Please include the rar commands in your page as it would make a great reference and I for one would like to reference it in my FAQ for video posting. I had a hell of a time getting rar Linux to do what I wanted as the instructions were pretty dry and I had to ask for help in the Linux newsgroups.

Other than the rar omission, this is a great page and I thank you for publishing it.
~Ohmster

tobi said...

Thank you Ohmster, I will include your comment.

Anonymous said...

To repair with par2s and then extract the rars in one go command stack with &&. A typical example would be: par2 r *par2 && rar x *rar. && ensures that if the first command fails it will not go on to the next command. Ideal in this case.
To get by the 4 server connection limit in Pan put the same server address in twice, or as many times as you like.

Anonymous said...

this is all awesome...thanks

I'm looking for a way to make directories from file names. Say I download 200 mp3's, I'd like some way to have directories made from a file name minus the extension.
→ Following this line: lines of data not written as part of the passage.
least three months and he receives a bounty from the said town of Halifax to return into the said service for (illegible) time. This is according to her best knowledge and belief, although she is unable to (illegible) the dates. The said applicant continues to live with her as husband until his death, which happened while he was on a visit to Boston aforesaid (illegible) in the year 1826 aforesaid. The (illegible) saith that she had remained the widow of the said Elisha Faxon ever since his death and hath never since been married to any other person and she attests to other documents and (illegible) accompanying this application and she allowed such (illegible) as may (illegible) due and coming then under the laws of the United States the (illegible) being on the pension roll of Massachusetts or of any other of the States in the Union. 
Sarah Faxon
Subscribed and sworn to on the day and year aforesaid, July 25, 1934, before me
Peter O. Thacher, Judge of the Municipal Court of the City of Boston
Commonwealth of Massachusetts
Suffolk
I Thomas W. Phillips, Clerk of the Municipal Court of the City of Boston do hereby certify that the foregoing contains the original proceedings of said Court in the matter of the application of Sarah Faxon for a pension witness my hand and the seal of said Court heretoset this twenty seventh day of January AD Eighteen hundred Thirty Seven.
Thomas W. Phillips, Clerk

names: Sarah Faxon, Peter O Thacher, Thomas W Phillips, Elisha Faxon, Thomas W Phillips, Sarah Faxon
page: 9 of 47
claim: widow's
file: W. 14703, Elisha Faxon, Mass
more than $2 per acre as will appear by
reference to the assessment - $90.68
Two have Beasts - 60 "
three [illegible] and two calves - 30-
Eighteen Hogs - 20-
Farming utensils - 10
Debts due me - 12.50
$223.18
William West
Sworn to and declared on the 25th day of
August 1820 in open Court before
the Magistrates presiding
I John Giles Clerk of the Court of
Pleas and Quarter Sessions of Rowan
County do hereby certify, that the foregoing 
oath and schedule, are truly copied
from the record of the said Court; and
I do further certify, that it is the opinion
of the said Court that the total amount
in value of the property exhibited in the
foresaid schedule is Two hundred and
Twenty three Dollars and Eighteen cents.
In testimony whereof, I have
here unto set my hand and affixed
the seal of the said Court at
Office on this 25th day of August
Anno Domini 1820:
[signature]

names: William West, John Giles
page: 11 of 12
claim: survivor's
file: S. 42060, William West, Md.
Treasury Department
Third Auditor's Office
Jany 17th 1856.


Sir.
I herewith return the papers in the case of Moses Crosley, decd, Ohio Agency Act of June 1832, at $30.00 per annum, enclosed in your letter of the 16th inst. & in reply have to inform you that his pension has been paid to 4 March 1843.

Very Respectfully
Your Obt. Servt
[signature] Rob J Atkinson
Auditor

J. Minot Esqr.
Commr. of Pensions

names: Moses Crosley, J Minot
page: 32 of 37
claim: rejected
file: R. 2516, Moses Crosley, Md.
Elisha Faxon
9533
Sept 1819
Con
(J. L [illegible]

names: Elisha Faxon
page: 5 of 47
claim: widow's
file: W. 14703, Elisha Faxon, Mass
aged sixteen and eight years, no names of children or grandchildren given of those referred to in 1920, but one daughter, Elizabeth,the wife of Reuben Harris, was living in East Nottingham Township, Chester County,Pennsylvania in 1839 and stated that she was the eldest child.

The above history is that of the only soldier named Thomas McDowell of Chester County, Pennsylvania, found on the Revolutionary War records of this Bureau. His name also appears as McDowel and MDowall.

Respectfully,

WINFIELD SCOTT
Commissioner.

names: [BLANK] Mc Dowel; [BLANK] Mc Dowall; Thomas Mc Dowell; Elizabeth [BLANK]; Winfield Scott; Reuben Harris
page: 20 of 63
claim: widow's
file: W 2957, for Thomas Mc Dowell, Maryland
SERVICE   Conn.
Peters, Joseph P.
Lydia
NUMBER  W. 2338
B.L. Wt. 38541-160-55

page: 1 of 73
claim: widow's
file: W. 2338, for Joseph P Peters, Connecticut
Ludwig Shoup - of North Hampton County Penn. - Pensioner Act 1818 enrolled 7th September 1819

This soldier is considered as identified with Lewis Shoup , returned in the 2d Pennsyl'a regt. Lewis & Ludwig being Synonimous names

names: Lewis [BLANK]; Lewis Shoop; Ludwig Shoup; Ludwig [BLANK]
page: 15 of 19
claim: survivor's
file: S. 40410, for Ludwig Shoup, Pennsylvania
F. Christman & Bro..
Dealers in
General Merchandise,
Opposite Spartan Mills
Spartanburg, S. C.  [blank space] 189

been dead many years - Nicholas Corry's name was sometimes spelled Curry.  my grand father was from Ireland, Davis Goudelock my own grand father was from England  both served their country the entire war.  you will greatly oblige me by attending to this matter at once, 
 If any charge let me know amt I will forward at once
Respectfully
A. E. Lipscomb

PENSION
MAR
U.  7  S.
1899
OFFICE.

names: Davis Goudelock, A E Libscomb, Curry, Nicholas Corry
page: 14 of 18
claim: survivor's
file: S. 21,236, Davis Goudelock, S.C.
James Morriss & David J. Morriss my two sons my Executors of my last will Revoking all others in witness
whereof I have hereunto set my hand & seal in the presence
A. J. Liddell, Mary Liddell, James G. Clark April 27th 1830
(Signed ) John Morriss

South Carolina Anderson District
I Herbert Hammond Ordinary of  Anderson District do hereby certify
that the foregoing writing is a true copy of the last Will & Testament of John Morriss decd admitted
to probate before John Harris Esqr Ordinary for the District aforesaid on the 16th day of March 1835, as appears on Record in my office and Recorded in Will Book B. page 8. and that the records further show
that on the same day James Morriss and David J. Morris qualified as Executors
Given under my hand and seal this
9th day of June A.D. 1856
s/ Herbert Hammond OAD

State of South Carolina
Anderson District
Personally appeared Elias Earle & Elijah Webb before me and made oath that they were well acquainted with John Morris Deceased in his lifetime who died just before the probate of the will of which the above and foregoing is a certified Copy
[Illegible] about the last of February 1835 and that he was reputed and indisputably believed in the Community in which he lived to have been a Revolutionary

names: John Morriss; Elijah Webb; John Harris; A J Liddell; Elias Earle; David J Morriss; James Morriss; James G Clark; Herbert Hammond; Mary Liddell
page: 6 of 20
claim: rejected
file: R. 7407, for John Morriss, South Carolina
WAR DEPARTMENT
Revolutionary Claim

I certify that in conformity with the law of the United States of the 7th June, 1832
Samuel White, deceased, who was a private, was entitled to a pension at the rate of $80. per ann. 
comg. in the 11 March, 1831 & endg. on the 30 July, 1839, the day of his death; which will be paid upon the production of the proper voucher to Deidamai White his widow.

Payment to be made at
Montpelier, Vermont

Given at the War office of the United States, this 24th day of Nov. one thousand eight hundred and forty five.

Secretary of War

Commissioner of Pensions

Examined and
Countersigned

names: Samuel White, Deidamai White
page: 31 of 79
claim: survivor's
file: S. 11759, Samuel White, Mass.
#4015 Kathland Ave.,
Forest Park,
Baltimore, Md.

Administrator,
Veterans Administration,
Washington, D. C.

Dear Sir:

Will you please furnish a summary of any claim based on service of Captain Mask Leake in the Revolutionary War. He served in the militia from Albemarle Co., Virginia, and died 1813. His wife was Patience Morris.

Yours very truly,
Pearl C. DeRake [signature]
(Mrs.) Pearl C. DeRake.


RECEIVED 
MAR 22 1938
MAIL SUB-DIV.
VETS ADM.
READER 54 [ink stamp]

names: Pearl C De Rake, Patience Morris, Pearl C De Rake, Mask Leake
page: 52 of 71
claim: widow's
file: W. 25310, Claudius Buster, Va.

Either by right clicking on the file name and choosing make dir or a way to do it from the command line. im using debian and gnome.

I know there is a way to automate this whole process, i just have to find it :)

Anonymous said...

I installed Thunar File Manager and added a custom actions under edit>>configure custom actions.

mkdir $(ls %n|awk -F"." '{print $1}')

Add a new action, name it, put in the script, and then go to 'appearance and conditions' tab and select all the check boxes. Your done. Now just right click on the file you want and select the script.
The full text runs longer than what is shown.